Why? Because we have a neat little scene with her brother and instead of it going somewhere interesting, we have to put in that Emma’s having headaches and fainting spells and migraines and mutant, Mutant, MUTANT things going on. Boring. We know where that tale goes.
It goes to the fencing class next day where Emma is forced to spar against Matilda, a duel that ends with a little bloodshed…
… which is somehow Emma having A NOSEBLEED that has leaked onto the sword as it stabs her. No really. That’s what it is. The school nurse has just the prescription for that, though and before long, Emma is back in class…
… where she can get hit on by hunky pervert teacher Ian Kendall, who shamelessly stands too close to her. (thanks Police for that one). Stands too close and makes certain that Emma will be at the dance by leading her into asking to study him…A-hem!...for his help in studying for class with him.
And like all those underdog movies with the cute girl who is actually smoking hot but you aren’t supposed to notice because she wears her hair in a pony, has on sweats and long-sleeve shirts, and always wears glasses, Emma shows up in a dress looking amazing while turning every head on the page.
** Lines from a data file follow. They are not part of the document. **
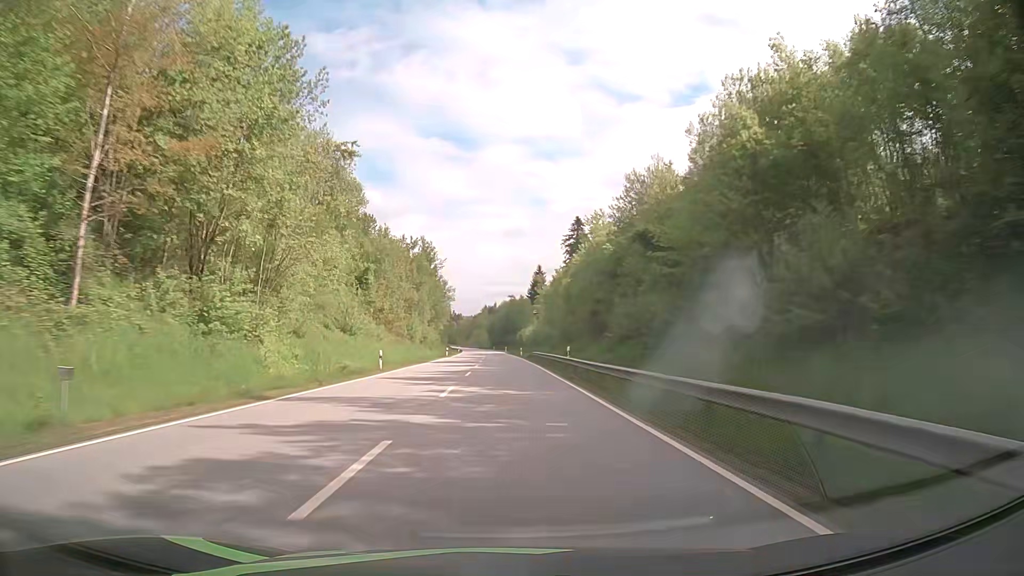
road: primary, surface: asphalt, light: Day
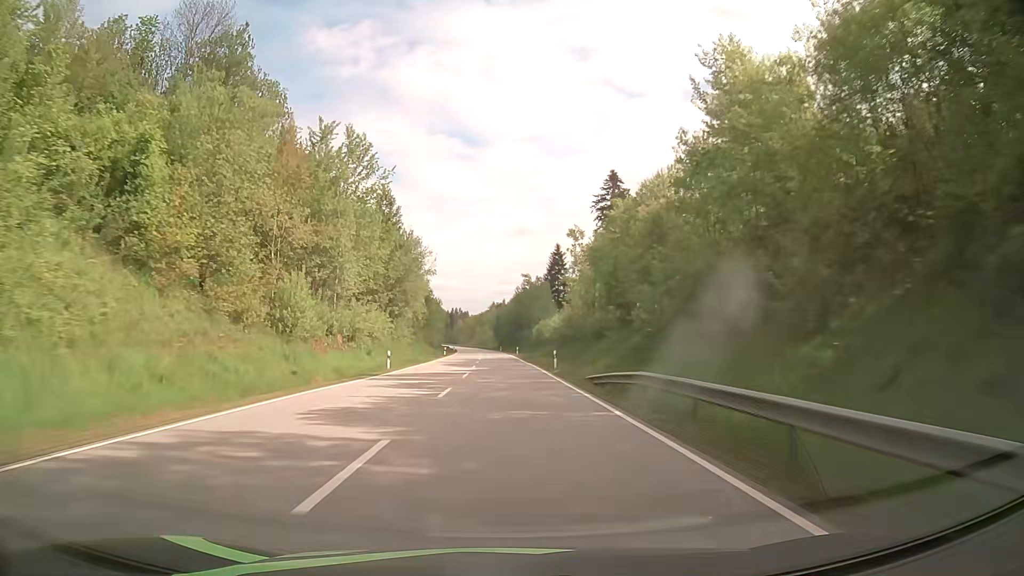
(0.0, +47.5) m; 0°
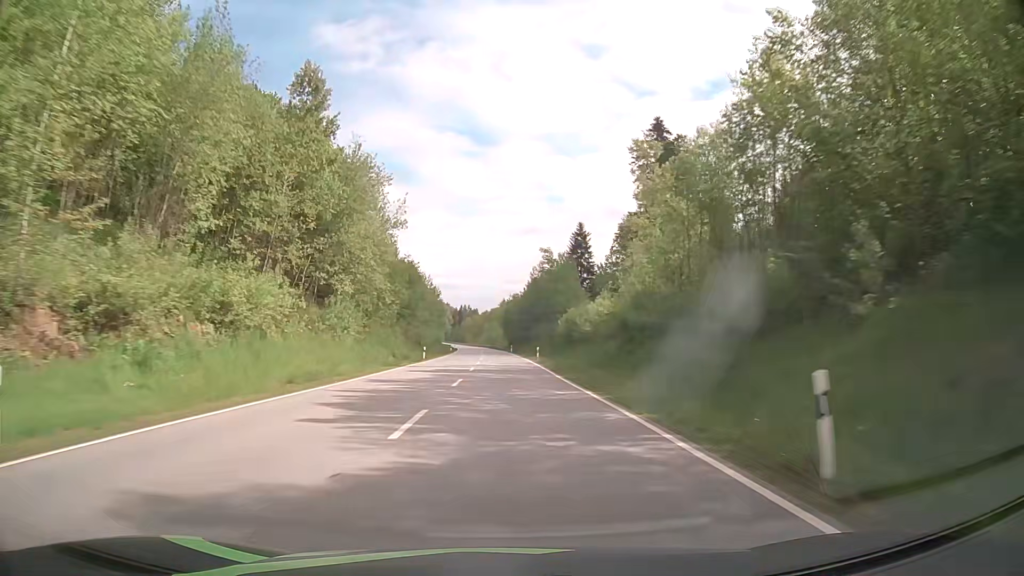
(-0.3, +31.7) m; -1°
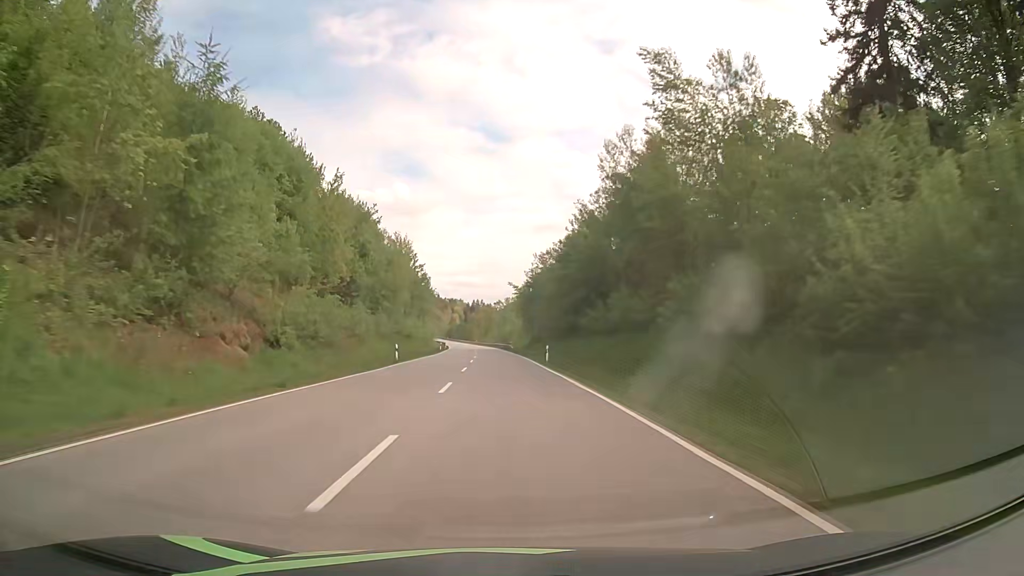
(-0.8, +63.5) m; -1°
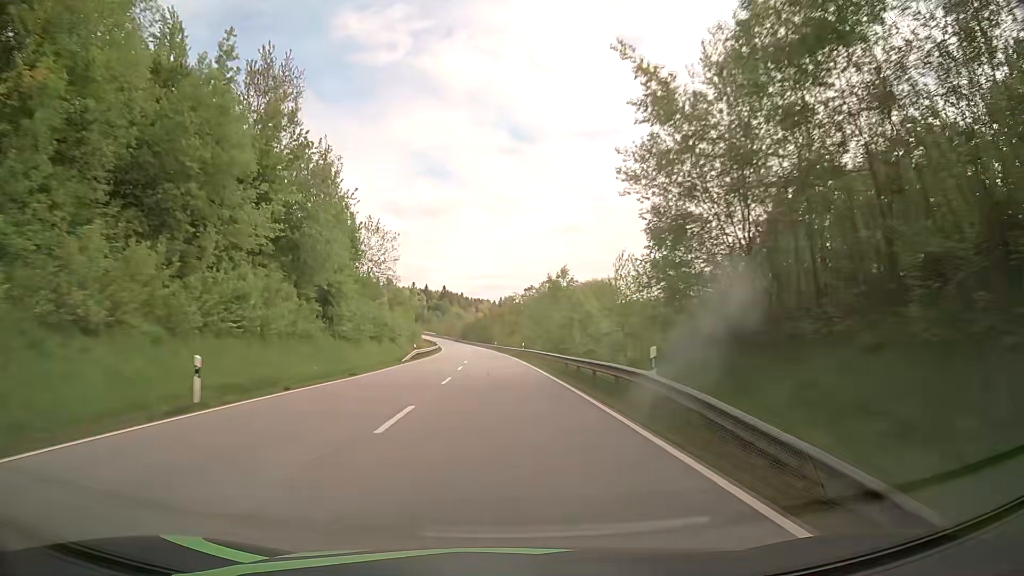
(-1.5, +78.8) m; -2°
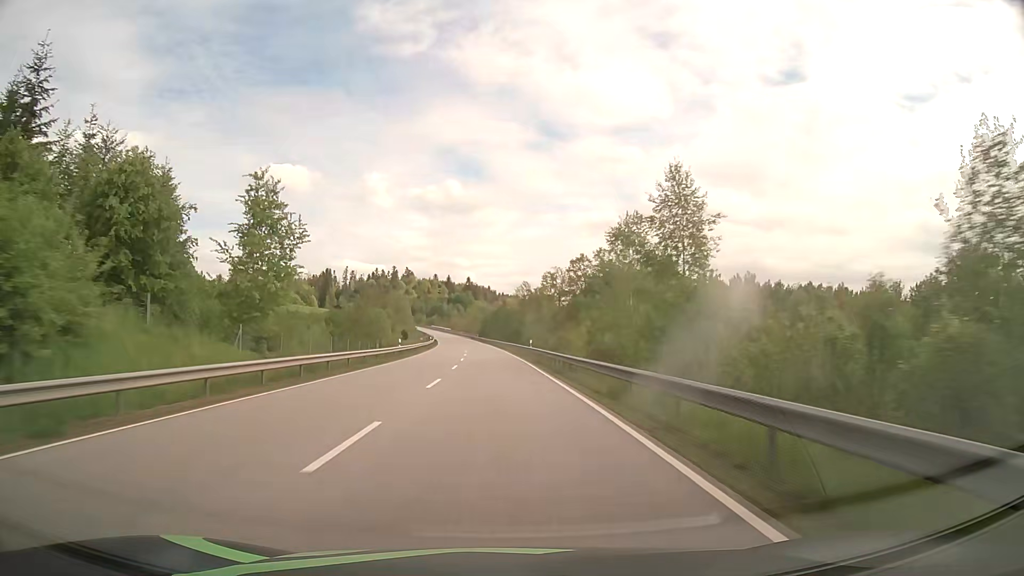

Emma getting all this attention doesn’t sit to well with Matilda, who turns the dance into a claws-out cat fight after ripping the dress off of Emma. Emma, in turn, lays into Matilda with info she’s accidentally lifted from the girl’s mind. Appears Matilda’s family is having a little money trouble. This escalates matters quite a bit.
And Emma is left the laughing stock by Matilda somehow…what happened to the hot guy? Surely, he wouldn’t just abandon her like that, right? No? Well he did.
Not to mention that the author of this tale has decided to just keep heaping this on to the poor dear.
By the time the pair reach the mansion, our over bearing Father has heard about Emma’s night at the dance. He’s none to pleased about it either. And how he heard breaks Emma’s heart…
So, during the following day’s first tutoring lesion Emma spills the beans about her abusive, control-freak father to sexy but too old for you Mr. Kendall.
Something tells me that Mr. Kendall isn’t telling the whole truth here, but whatever. This emotional outpouring brings our two wrong lovebirds together. They share a fading sunbeam as Emma asks if she can get TOO FAMILIAR by using his first name. It’s something that Matilda asked in the first part of the book and was denied. The vibe of this is so creepy and improper that you want the book to stop making this the central love interest, but no dice audience. You’re getting an improper love story…
…which becomes even more apparent when the next day Emma’s powers go wildly out of control again, this time driving her to her knees with a bloody nose again.
And we end with “Ian” holding a swooning Emma while screaming her name.
So, I didn’t HATE this. There was enough going on to make me want more of the story. That isn’t to say that I like to link it with my most favorite underdressed X-Woman. It works as a solo story. It really shouldn’t be about Emma Frost though. Marvel should have trusted this storyline as its own thing.
Instead this feels crammed into a character’s history in a way that is neither helpful in developing them in the present nor appropriate for how that character turns out.
And as long as I’m complaining, the teenage wank-tastic cover art is so misleading given the story and art INSIDE the box, I have to take some points off there for tackiness.
In all, though, I read the first two issues and the story is decent. I’d buy more to see where Higher Learning ends up going.